======== Exercise data ========

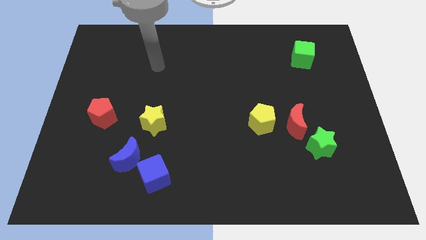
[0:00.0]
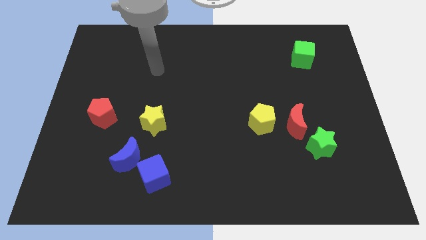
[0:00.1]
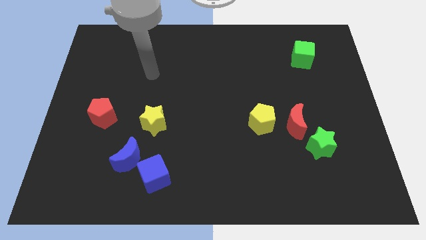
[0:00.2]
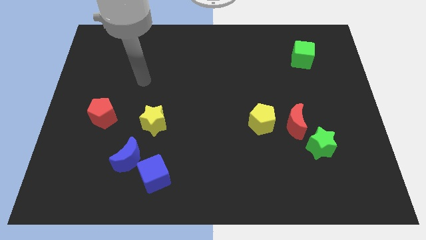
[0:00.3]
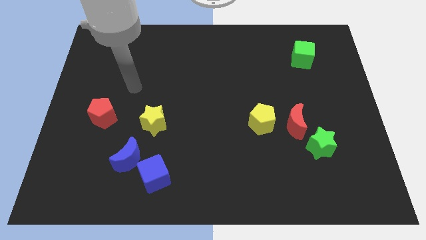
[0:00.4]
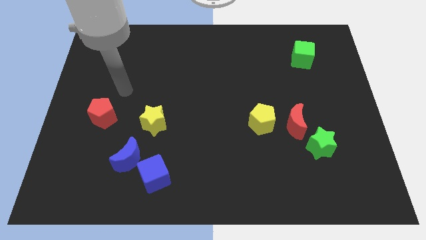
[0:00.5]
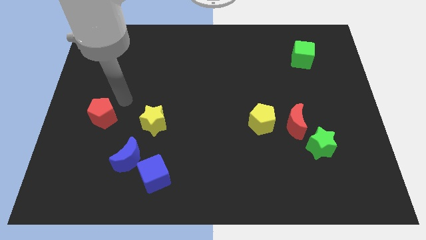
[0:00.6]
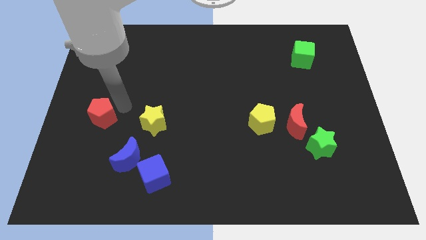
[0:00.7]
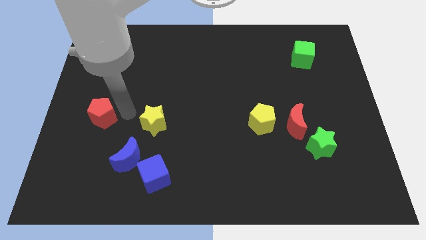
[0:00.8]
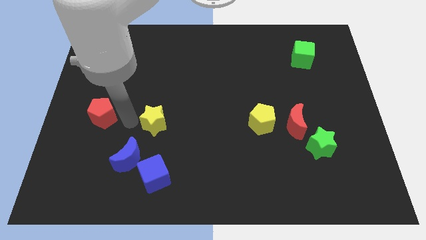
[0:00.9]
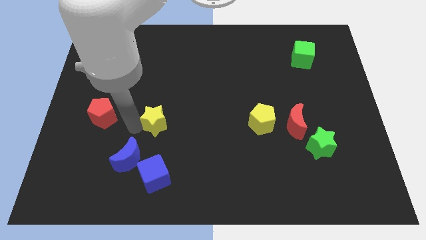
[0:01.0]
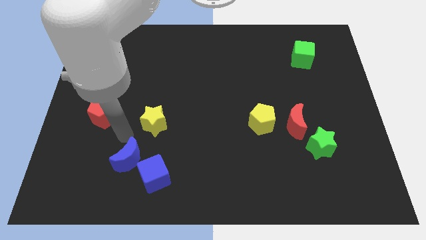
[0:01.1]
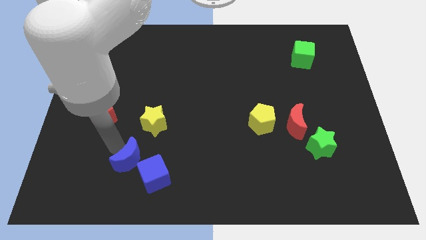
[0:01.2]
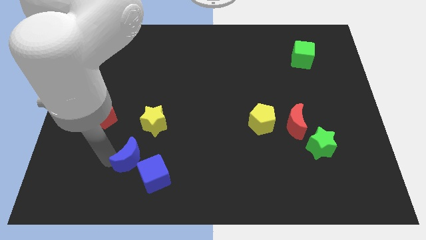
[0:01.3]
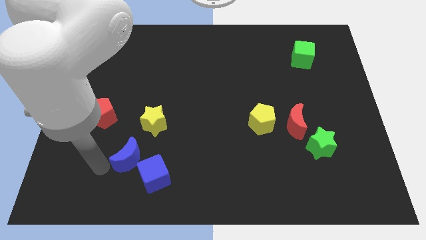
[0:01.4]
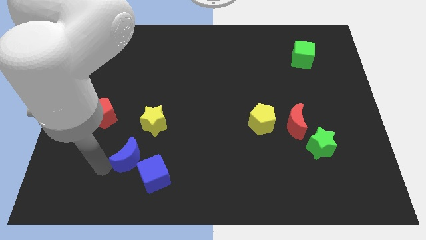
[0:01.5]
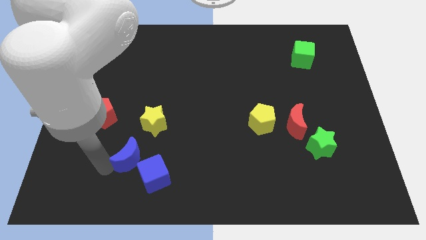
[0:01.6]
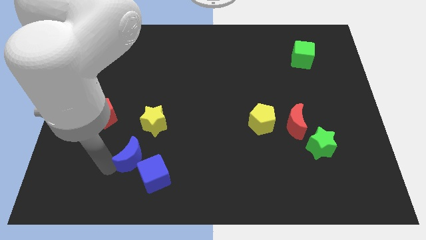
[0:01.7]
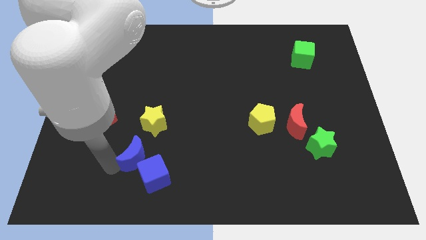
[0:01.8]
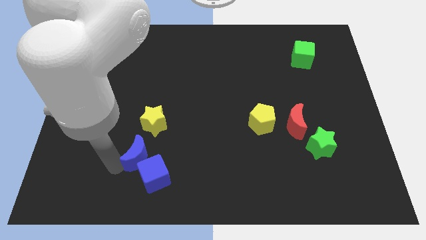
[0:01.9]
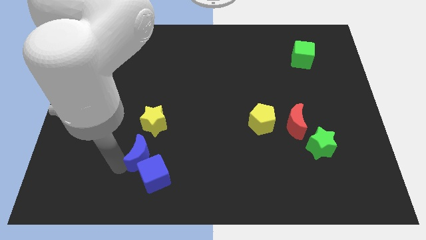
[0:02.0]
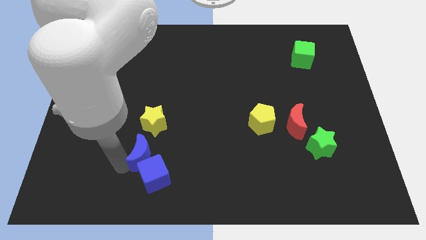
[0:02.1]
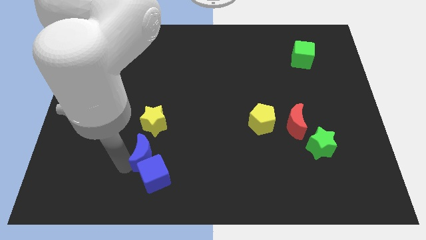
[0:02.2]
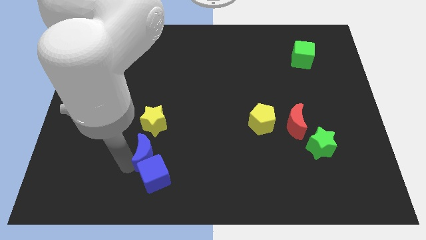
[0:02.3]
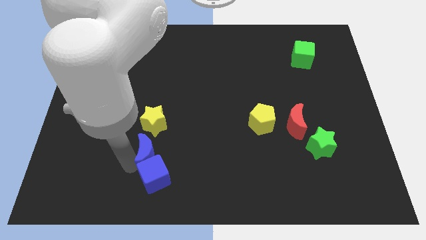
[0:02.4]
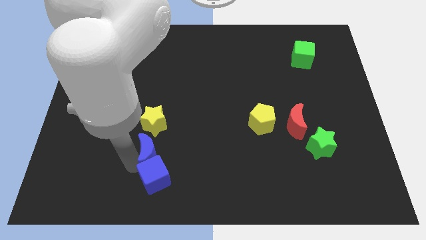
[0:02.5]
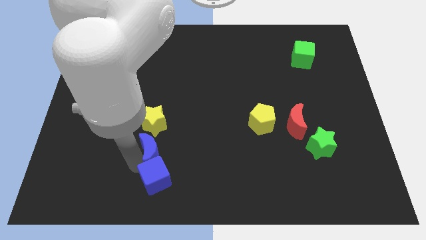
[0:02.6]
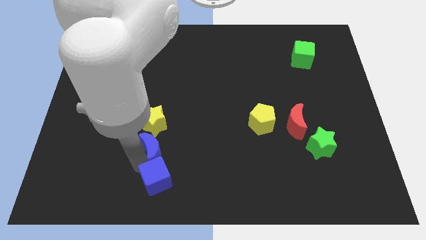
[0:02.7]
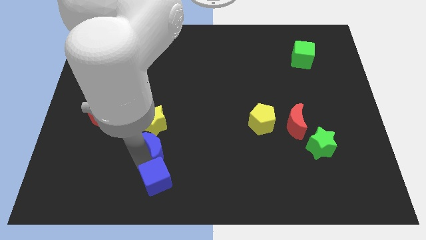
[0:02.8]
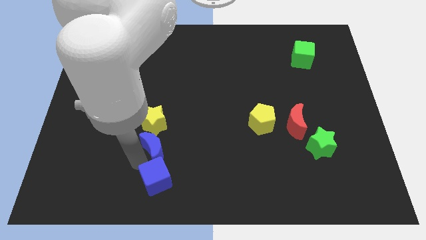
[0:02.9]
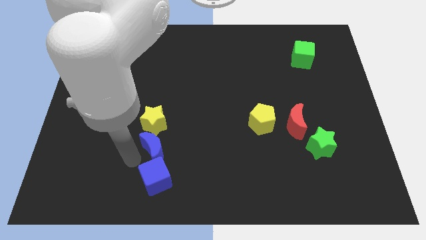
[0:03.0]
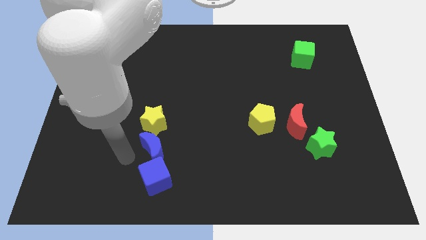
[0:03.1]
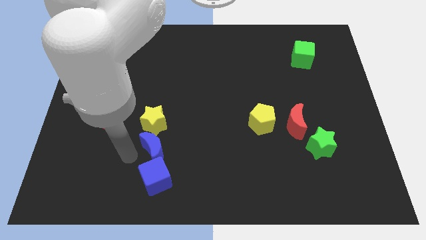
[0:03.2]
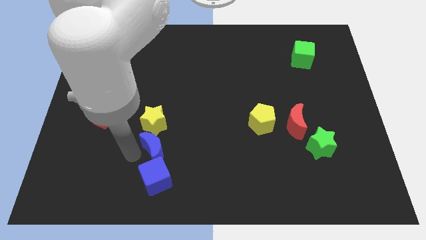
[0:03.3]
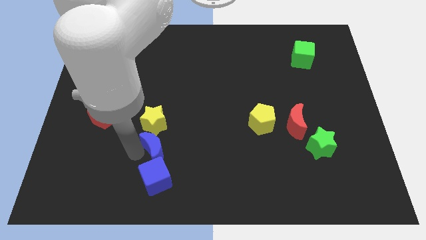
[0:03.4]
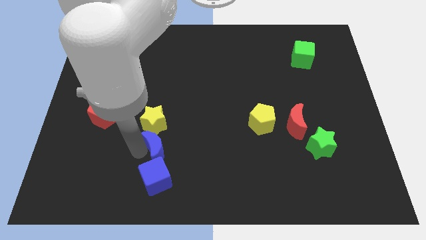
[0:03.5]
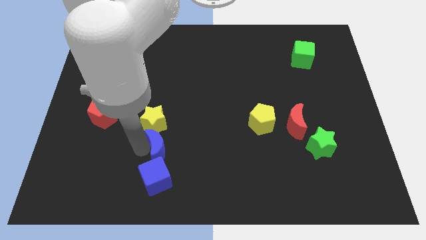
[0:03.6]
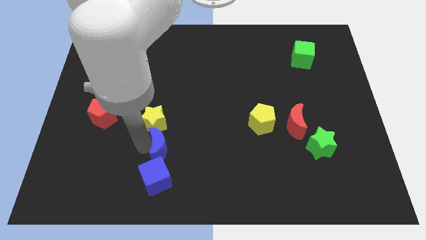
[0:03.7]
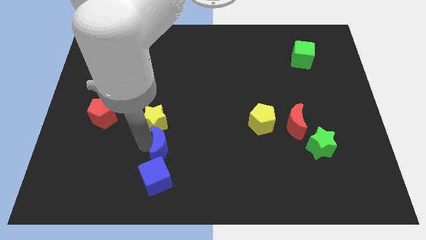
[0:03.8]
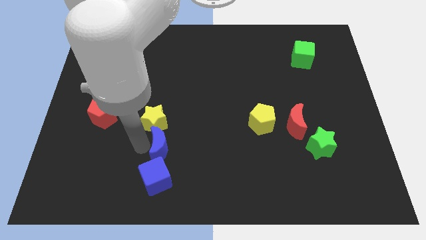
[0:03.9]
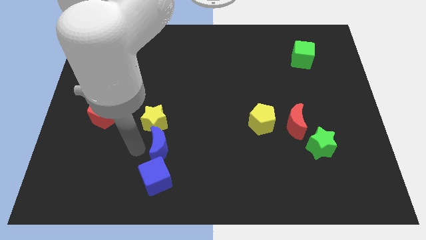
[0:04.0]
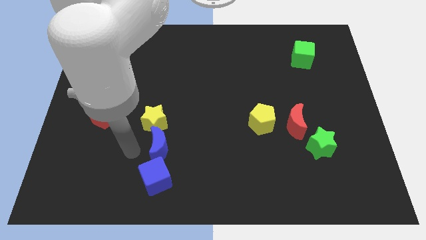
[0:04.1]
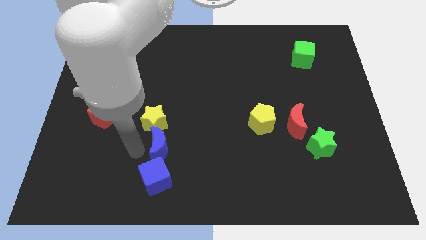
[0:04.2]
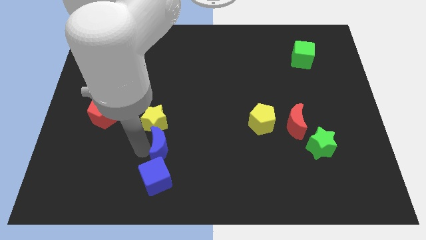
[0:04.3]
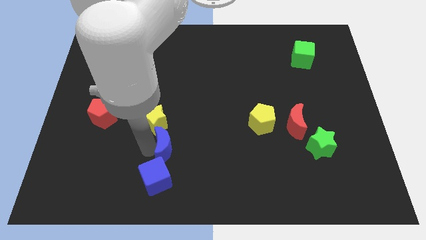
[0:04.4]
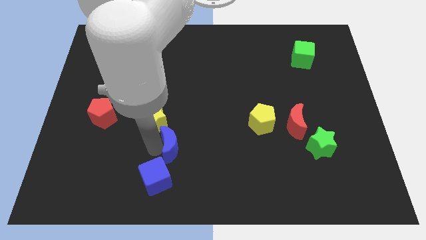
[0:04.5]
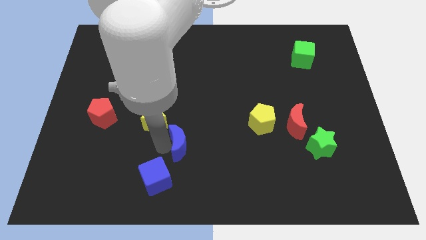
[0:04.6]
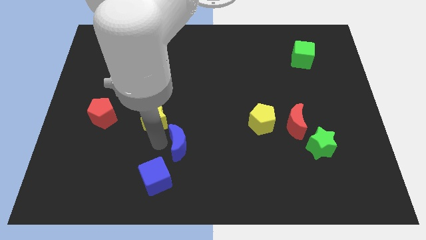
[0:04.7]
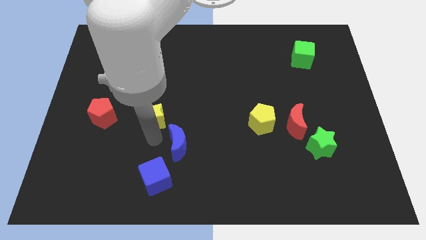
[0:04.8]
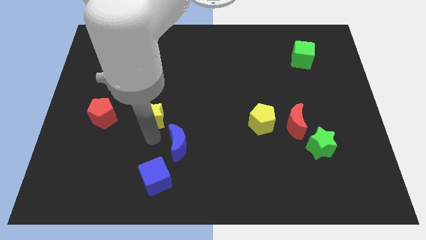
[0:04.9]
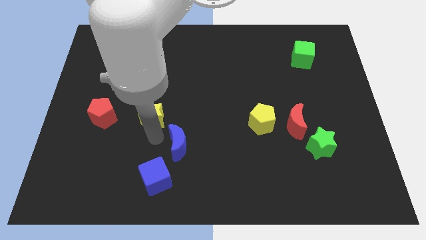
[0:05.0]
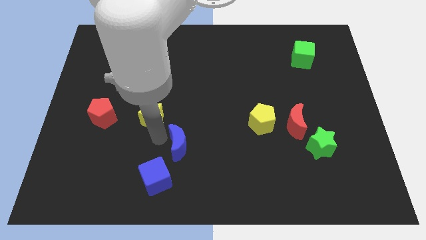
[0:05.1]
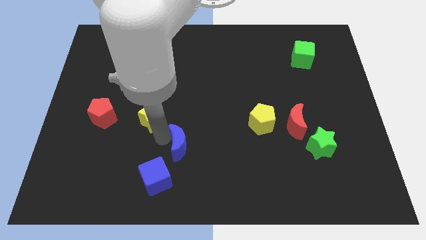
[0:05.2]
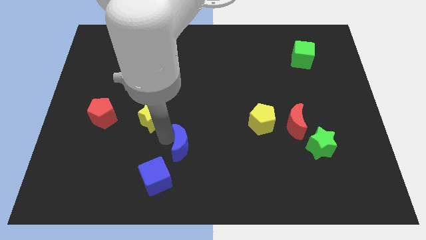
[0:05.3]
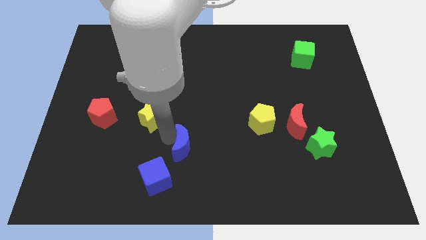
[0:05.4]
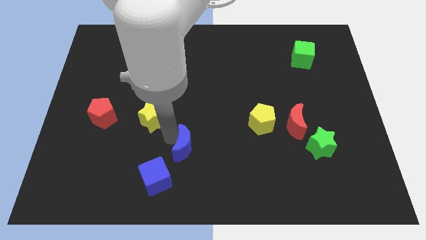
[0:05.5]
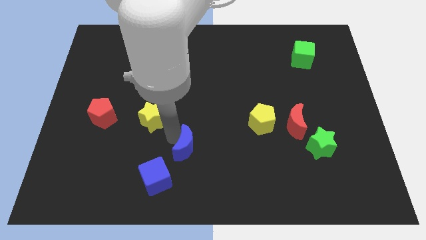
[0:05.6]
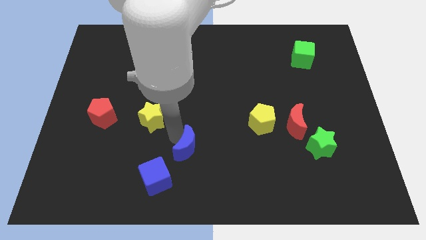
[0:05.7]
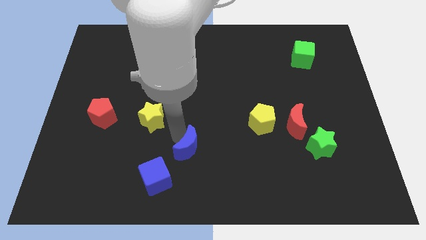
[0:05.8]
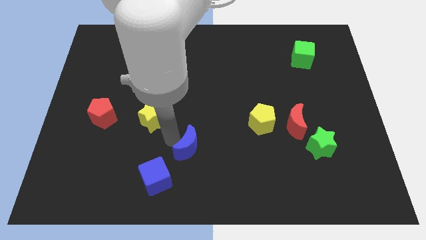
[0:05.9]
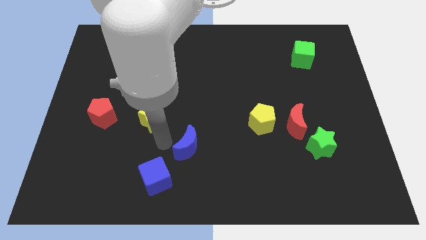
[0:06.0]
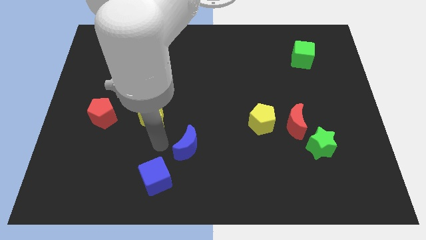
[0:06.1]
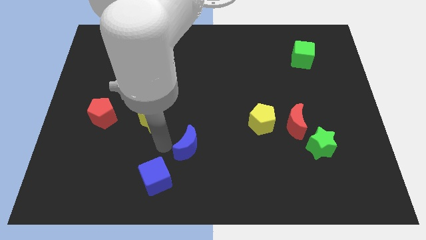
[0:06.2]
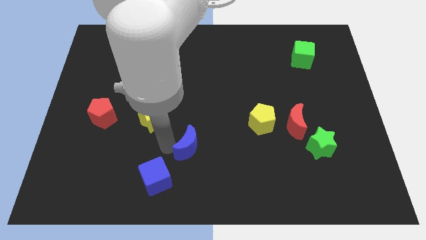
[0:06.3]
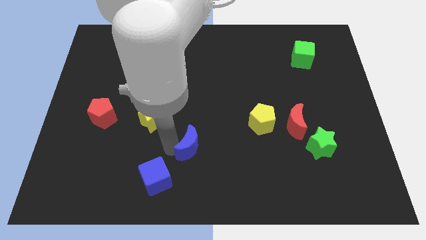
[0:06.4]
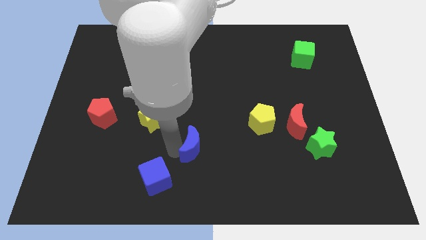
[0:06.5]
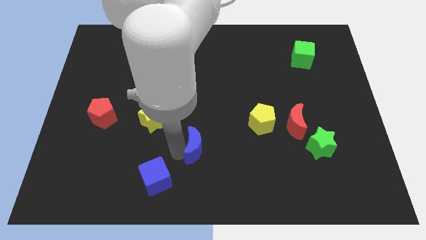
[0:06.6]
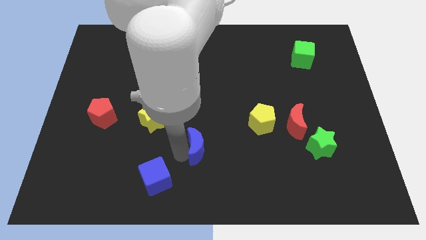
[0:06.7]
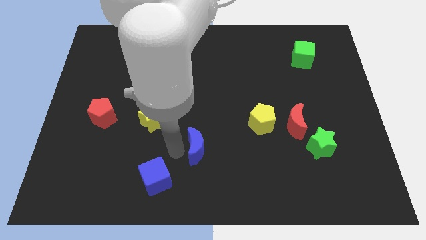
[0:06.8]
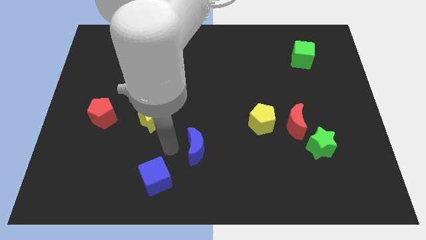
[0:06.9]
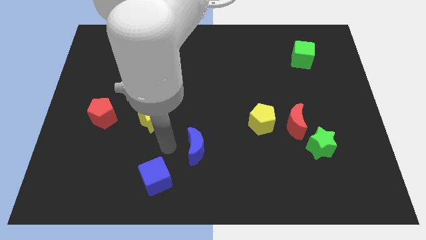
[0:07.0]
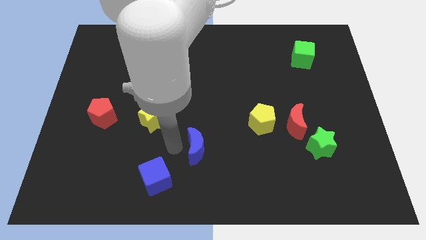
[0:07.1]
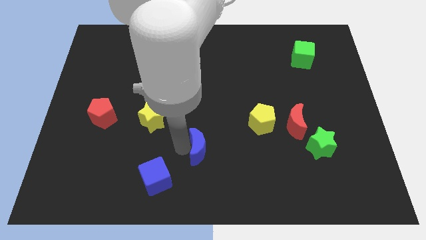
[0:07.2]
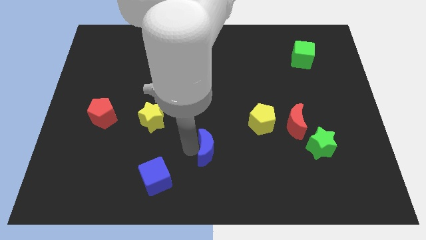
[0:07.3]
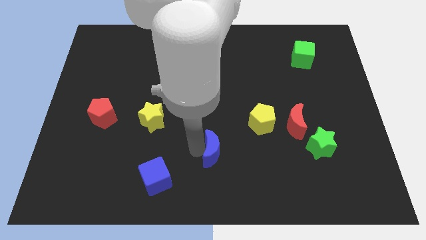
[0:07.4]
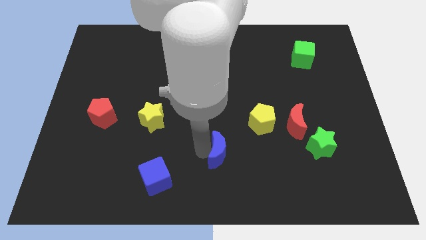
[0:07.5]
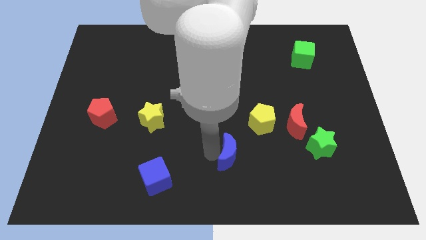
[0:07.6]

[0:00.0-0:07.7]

========

(Requirement): Output every line of the records above unchanged, and keep the pictures out.

(Exercise response):
[0:00.0]
[0:00.1]
[0:00.2]
[0:00.3]
[0:00.4]
[0:00.5]
[0:00.6]
[0:00.7]
[0:00.8]
[0:00.9]
[0:01.0]
[0:01.1]
[0:01.2]
[0:01.3]
[0:01.4]
[0:01.5]
[0:01.6]
[0:01.7]
[0:01.8]
[0:01.9]
[0:02.0]
[0:02.1]
[0:02.2]
[0:02.3]
[0:02.4]
[0:02.5]
[0:02.6]
[0:02.7]
[0:02.8]
[0:02.9]
[0:03.0]
[0:03.1]
[0:03.2]
[0:03.3]
[0:03.4]
[0:03.5]
[0:03.6]
[0:03.7]
[0:03.8]
[0:03.9]
[0:04.0]
[0:04.1]
[0:04.2]
[0:04.3]
[0:04.4]
[0:04.5]
[0:04.6]
[0:04.7]
[0:04.8]
[0:04.9]
[0:05.0]
[0:05.1]
[0:05.2]
[0:05.3]
[0:05.4]
[0:05.5]
[0:05.6]
[0:05.7]
[0:05.8]
[0:05.9]
[0:06.0]
[0:06.1]
[0:06.2]
[0:06.3]
[0:06.4]
[0:06.5]
[0:06.6]
[0:06.7]
[0:06.8]
[0:06.9]
[0:07.0]
[0:07.1]
[0:07.2]
[0:07.3]
[0:07.4]
[0:07.5]
[0:07.6]

[0:00.0-0:07.7]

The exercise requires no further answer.